Ticket #760 (new defect)
traceback creation slows down exception propagation considerably
|Reported by:||scoder||Owned by:||somebody|
I did some callgrind profiling on Cython's generators and was surprised to find that AddTraceback() represents a serious performance penalty for short running generators.
I profiled a compiled Python implementation of itertools.groupby(), which yields (key, group) tuples where the group is an iterator again. I ran this code in Python for benchmarking:
L = sorted(range(1000)*5) all(list(g) for k,g in cython_groupby(L))
Groups tend to be rather short in real code, often just one or a couple of items, so unpacking the group iterator into a list will usually be a quick loop and then the generator raises StopIteration on termination and builds a traceback for it. According to callgrind, the iteration during the group unpacking takes about 30% of the overall runtime of the all() loop, and the AddTraceback() call at the end of each group traversal takes up to 25% (!) on my side. That means that more than 80% of the group unpacking time goes into raising StopIteration from the generators.

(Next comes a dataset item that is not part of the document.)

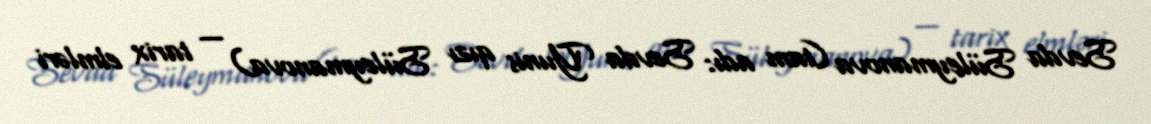
Sevda Süleymanova (tam adı: Sevda Yunis qızı Süleymanova) — tarix elmləri
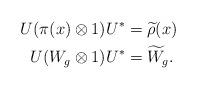
LaTeX: \begin{align*} U(\pi(x) \otimes 1)U^{*}&= \widetilde{\rho}(x) \\ U(W_{g} \otimes 1)U^{*}&= \widetilde{W}_{g}. \end{align*}

About half of the exception raising time is eaten by PyString_FromFormat() that builds the function-name + line-position string (which, I may note, is basically a convenience feature). This string is a constant for a generator's StopIteration exception, at least for each final return point in a generator, but here it is being recreated over and over again, for each exception that gets raised.

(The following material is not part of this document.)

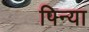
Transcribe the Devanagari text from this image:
पिन्या
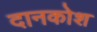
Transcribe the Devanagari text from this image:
दानकोश

Even if we keep creating a new frame instance each time (which should be ok because CPython has a frame instance cache already and we'd only create one during the generator lifetime), the whole code object could actually be cached after the first creation, preferably bound to the lifetime of the generator creator function/method. Or, more generally, one code object per generator termination point, which will be a single point in the majority of cases. For the specific code above, that should shave off almost 20% of the overall runtime of the all() loop.